*** Opening of Recorded information ***

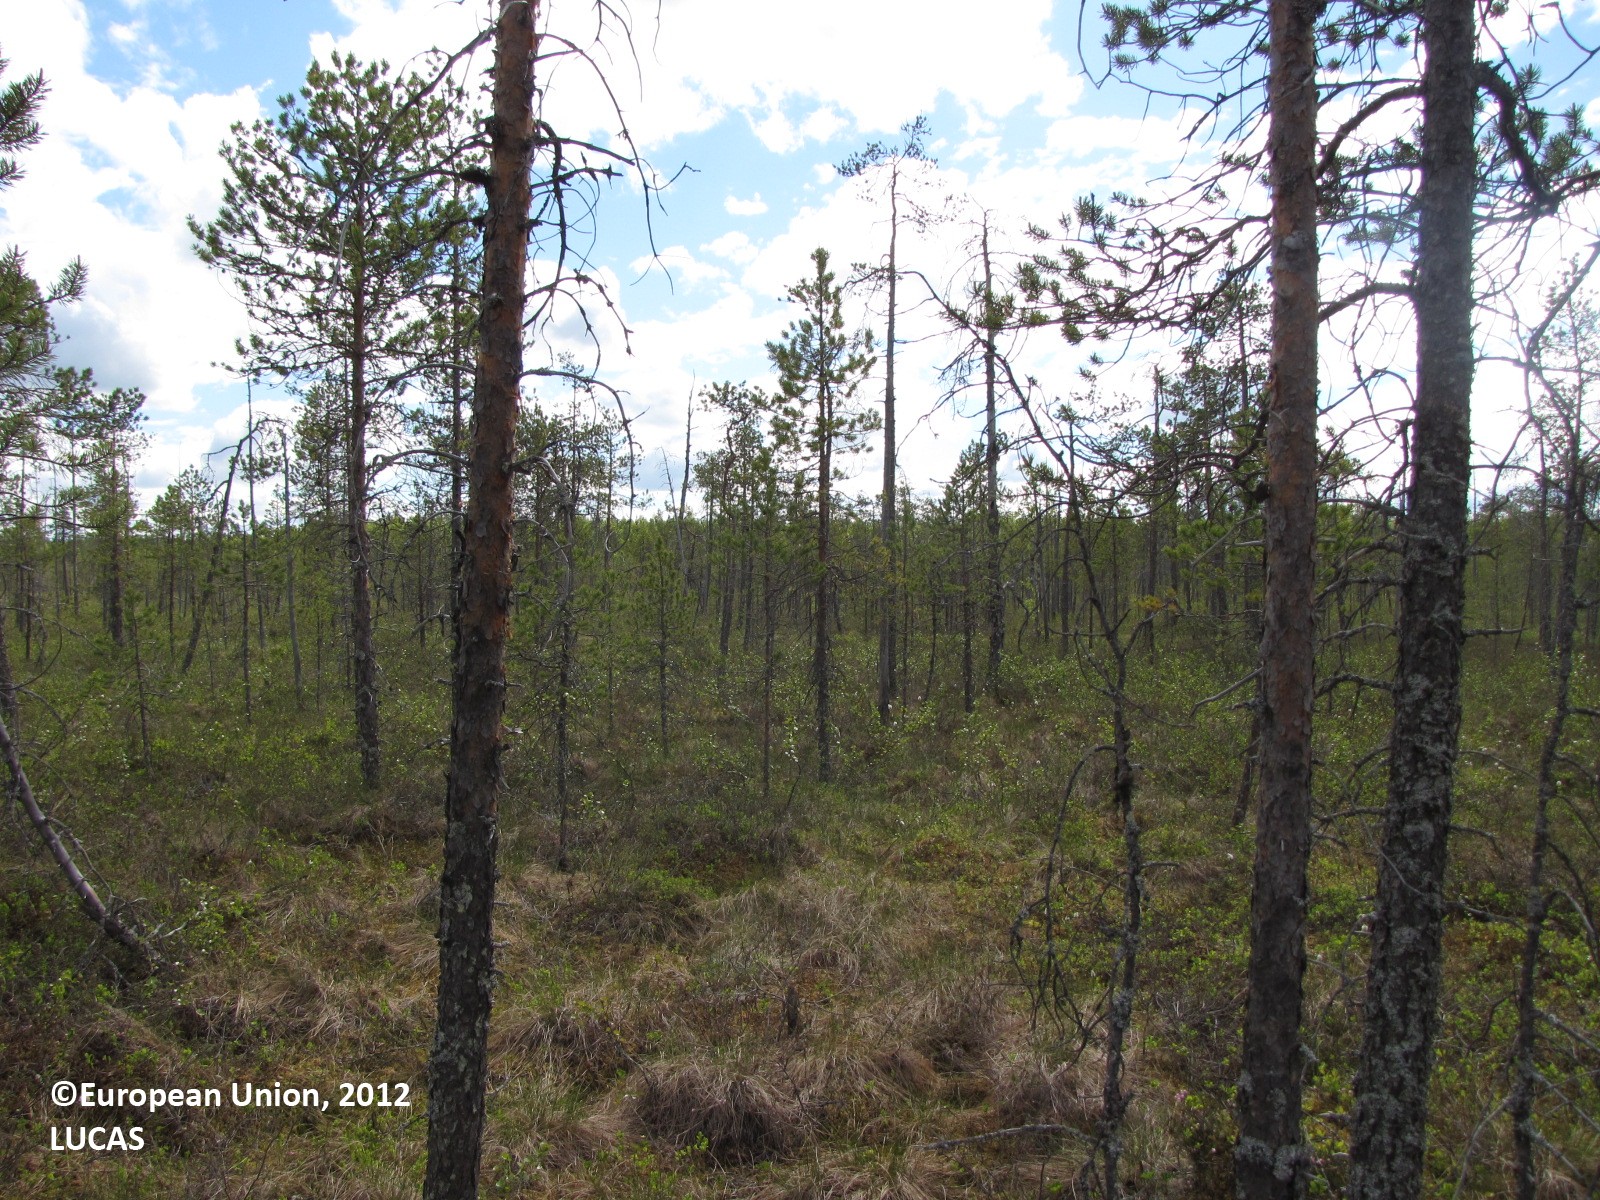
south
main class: Woodland
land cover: Pine dominated coniferous woodland
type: boreal forest
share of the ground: 10 - 25 %
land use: Forestry
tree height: > 5 m
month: June
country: FI
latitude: 66.0991
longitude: 25.2151
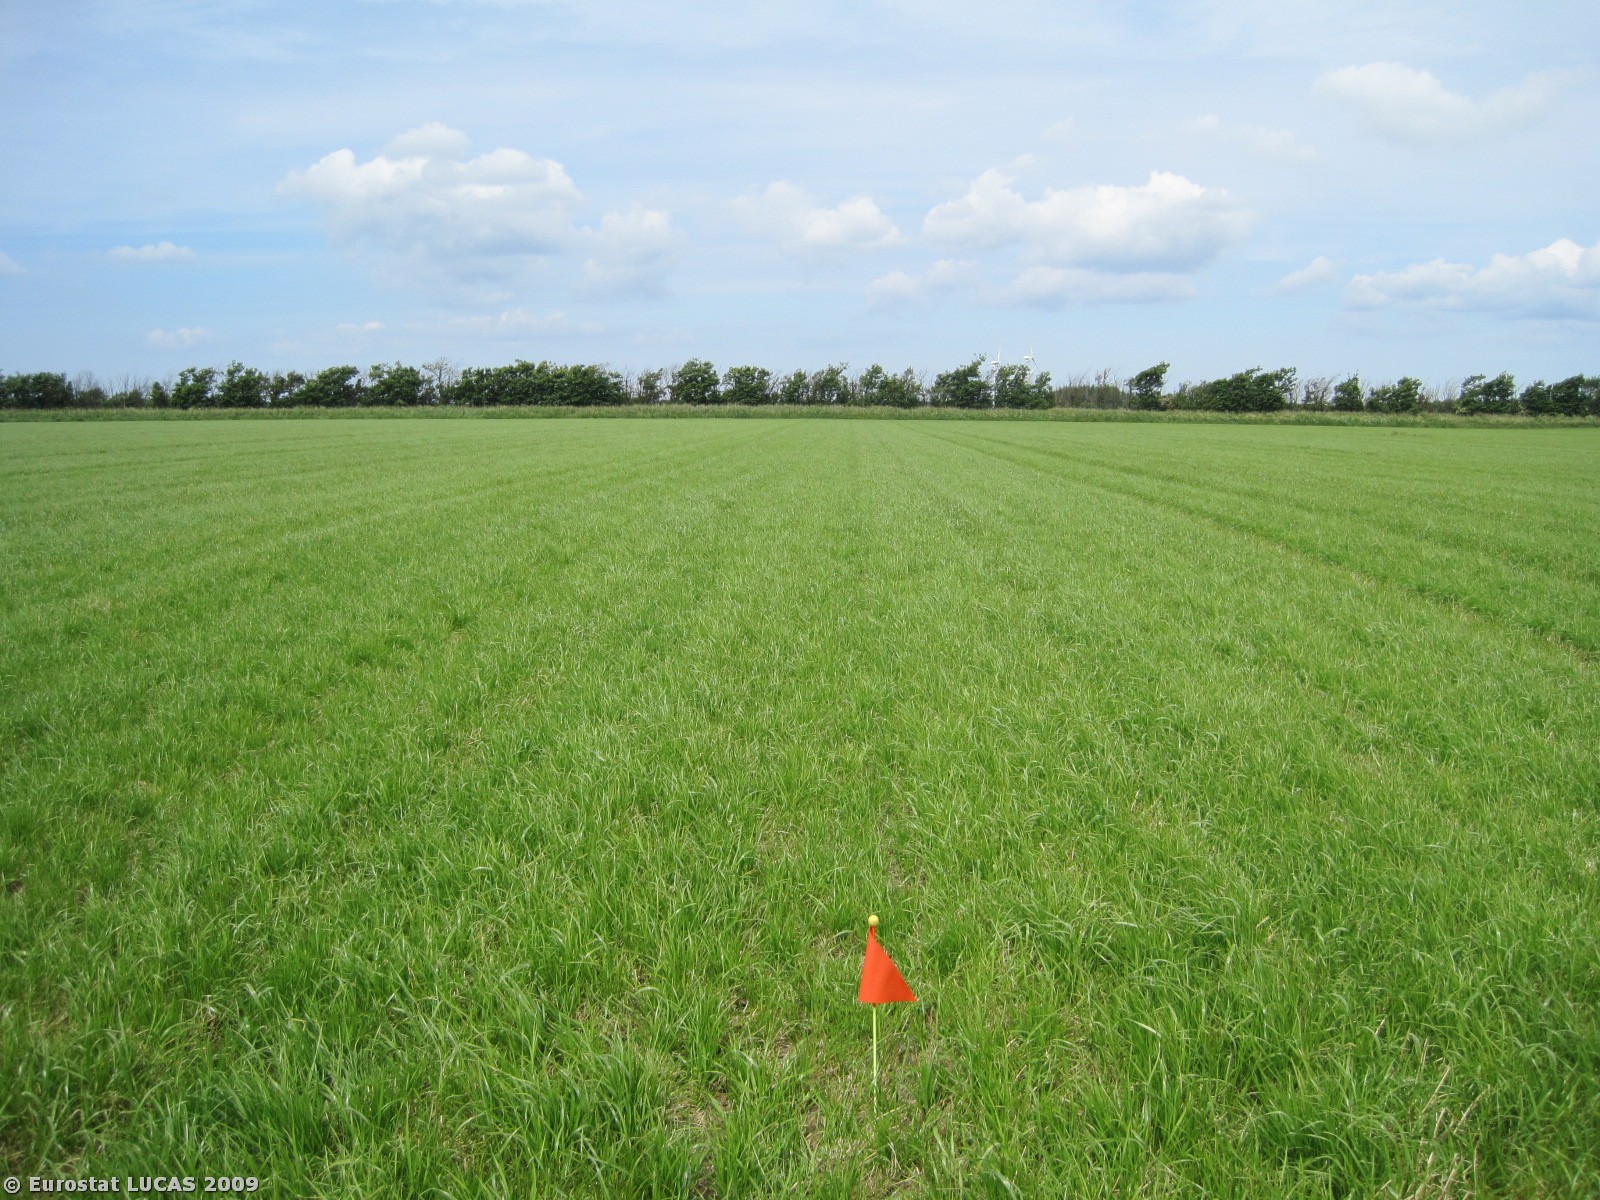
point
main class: Cropland
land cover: Temporary grasslands
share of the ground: > 75 %
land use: Agriculture (excluding fallow land and kitchen gardens)
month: June
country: DK
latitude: 57.3201
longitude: 9.7513
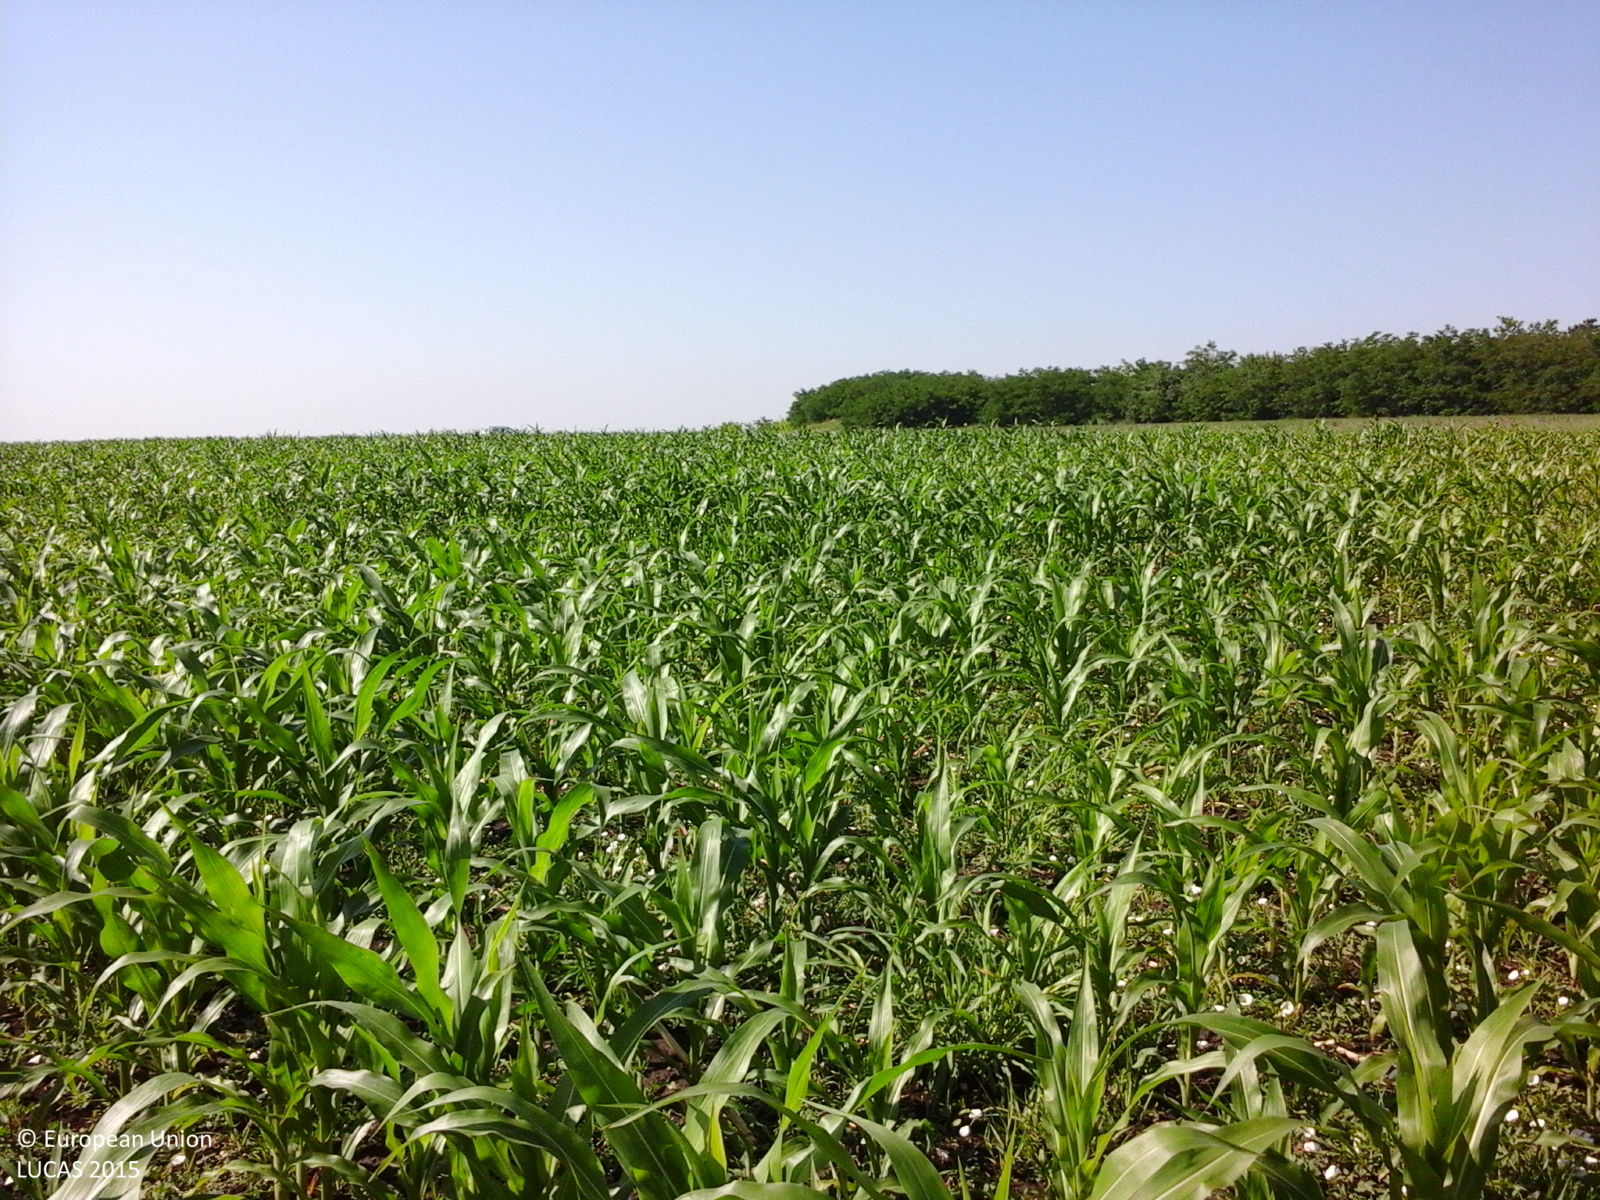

*** Close of Recorded information ***

Aim of the task: Set down the entries again without change. Leave the pictures out.

Completed task:
south
main class: Woodland
land cover: Pine dominated coniferous woodland
type: boreal forest
share of the ground: 10 - 25 %
land use: Forestry
tree height: > 5 m
month: June
country: FI
latitude: 66.0991
longitude: 25.2151
point
main class: Cropland
land cover: Temporary grasslands
share of the ground: > 75 %
land use: Agriculture (excluding fallow land and kitchen gardens)
month: June
country: DK
latitude: 57.3201
longitude: 9.7513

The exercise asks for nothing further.